Mercoledì scorso i leghisti Federico Bricolo e Davide Caparini avevano mostrato alla Camera dei cartelli recanti la scritta "Papalia razzista, Papalia nazista".
Nel mirino delle camicie verdi il pubblico ministero Guido Papalia, colpevole di aver fatto incriminare nella sua carriera diversi esponenti del Carroccio (tra i quali anche il senatur Umberto Bossi).
Il presidente di turno della Camera, Clemente Mastella, era stato costretto a sospendere i lavori e ad allontanare dall'aula il deputato Caparini.
Anche in quel caso Pier Ferdinando Casini aveva giudicato l'azione del Carroccio "grave, oltraggiosa e ingiustificabile".

Giovedì, invece, una delegazione di giovani padani aveva intonato nel piazzale antistante l'Europarlamento di Strasburgo il coretto: "Chi non salta Mussulmano è ...", tra lo stupore e lo sconcerto degli europarlamentari.
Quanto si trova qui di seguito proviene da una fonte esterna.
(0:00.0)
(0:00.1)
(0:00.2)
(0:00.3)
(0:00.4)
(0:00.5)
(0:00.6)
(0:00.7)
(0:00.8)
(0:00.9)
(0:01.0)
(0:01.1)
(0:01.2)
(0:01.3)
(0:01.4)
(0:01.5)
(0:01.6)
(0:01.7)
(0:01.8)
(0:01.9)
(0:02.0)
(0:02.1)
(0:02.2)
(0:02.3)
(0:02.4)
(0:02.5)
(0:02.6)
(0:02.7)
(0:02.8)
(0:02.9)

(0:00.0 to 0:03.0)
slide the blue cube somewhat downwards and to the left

"Un gruppetto di giovani padani ha inscenato nel cortile del Parlamento europeo una sgradevole manifestazione contro l'apertura del negoziato per la futura adesione della Turchia all'Unione inneggiando al deputato Bossi - aveva dichiarato la vice presidente del Gruppo Pse al Parlamento Europeo Pasqualina Napoletano - siamo curiosi di sapere cosa ne pensa il ministro degli Esteri italiano Gianfranco Fini".
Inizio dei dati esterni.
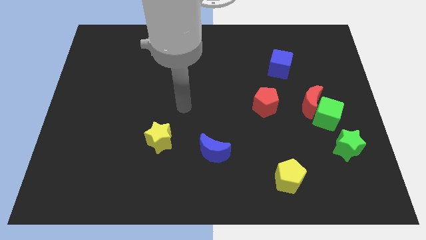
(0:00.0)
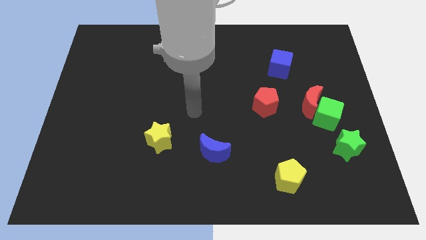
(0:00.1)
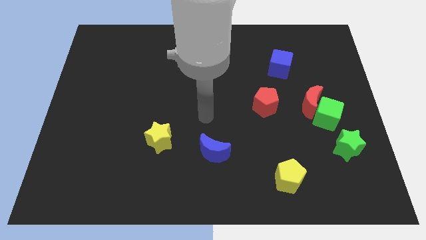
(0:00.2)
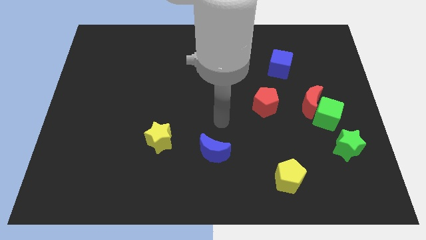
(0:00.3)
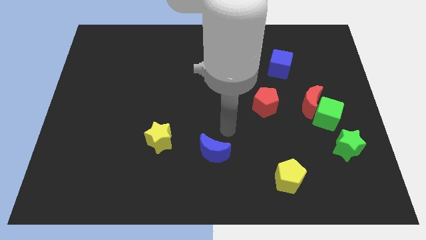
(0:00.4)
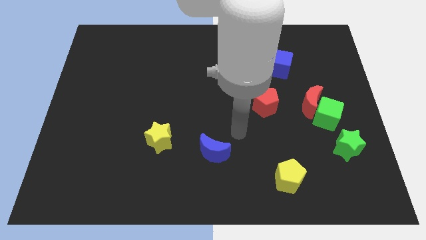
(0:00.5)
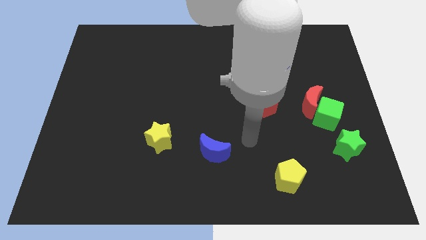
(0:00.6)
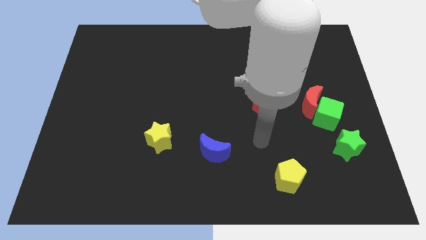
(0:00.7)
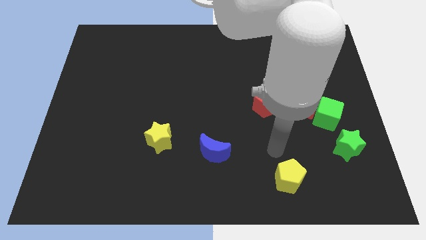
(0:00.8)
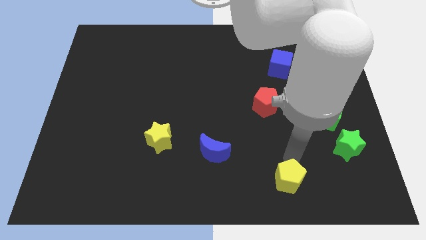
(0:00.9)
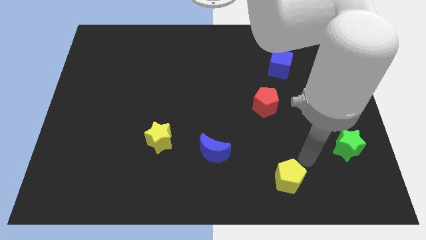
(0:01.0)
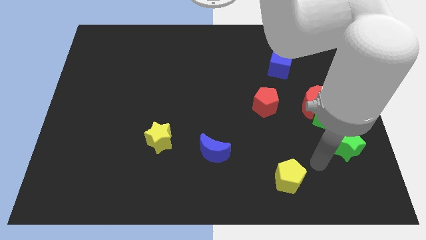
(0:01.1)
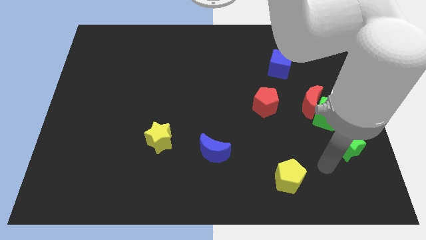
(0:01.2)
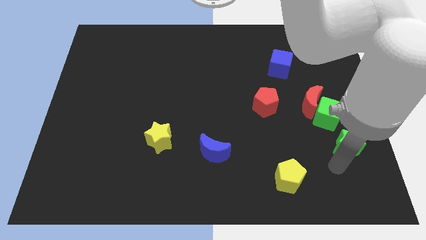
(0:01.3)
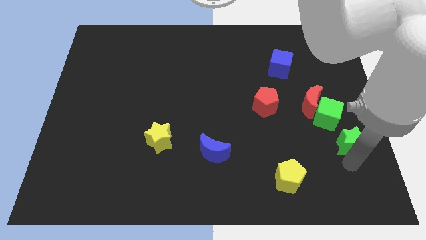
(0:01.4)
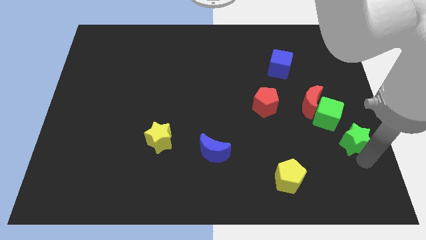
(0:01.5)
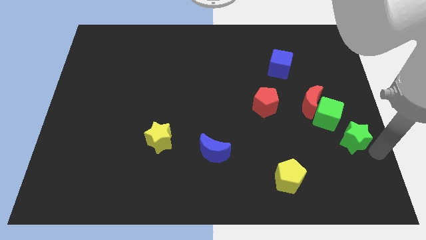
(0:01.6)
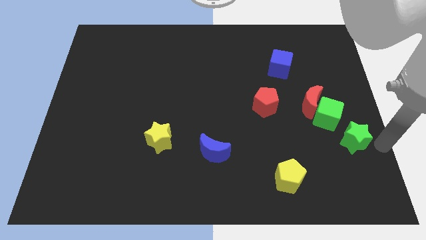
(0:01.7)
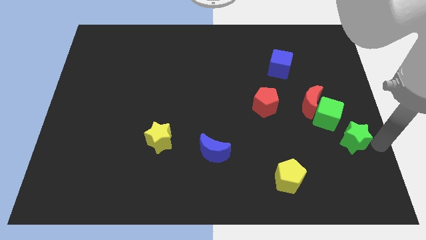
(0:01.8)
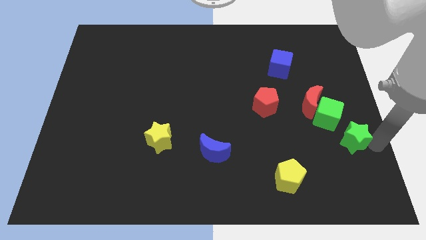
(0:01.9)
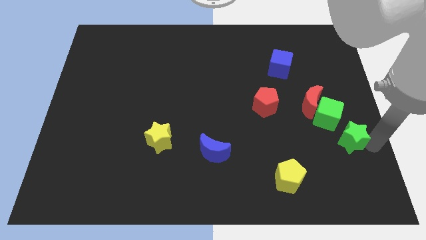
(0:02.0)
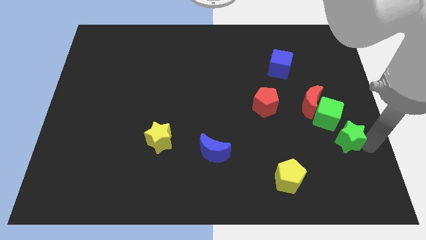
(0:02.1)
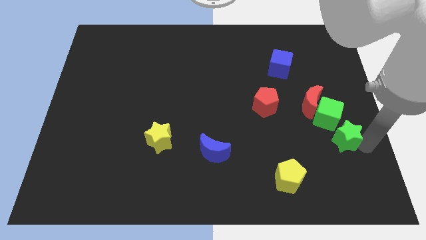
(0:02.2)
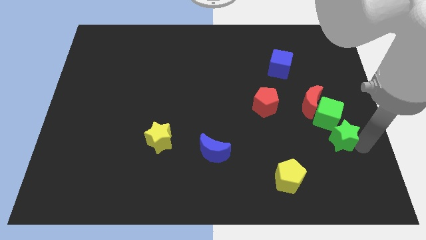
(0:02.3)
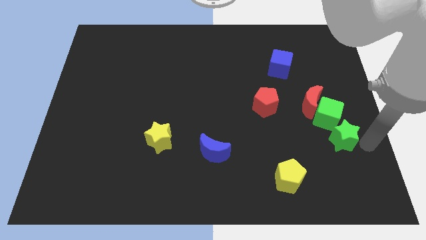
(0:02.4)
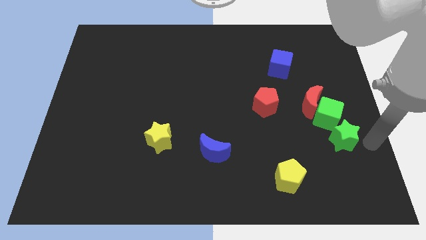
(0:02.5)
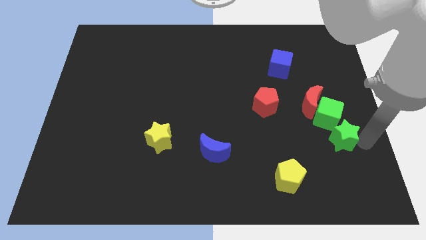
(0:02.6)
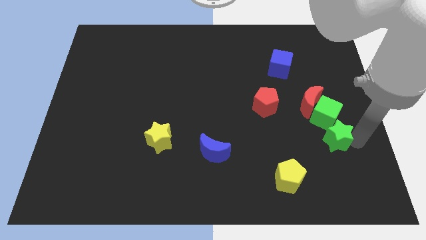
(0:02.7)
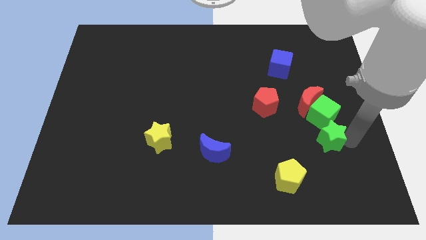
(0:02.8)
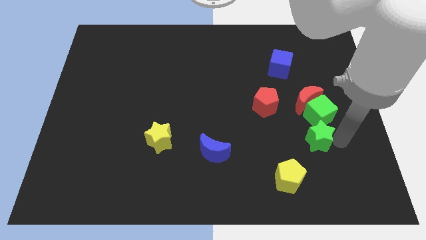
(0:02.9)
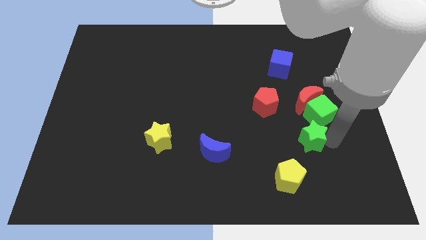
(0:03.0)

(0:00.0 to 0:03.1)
push the green star slightly to the left

Sulla stessa lunghezza d'onda si era espresso anche il presidente della Delegazione italiana nel Gruppo Pse Nicola Zingaretti, che aveva parlato di "indecente e triste gazzarra".
"L'episodio non meriterebbe alcun commento se non ne fossero stati testimoni decine di parlamentari europei e di visitatori - aveva aggiunto Zingaretti - meno male che l'Italia non è questa".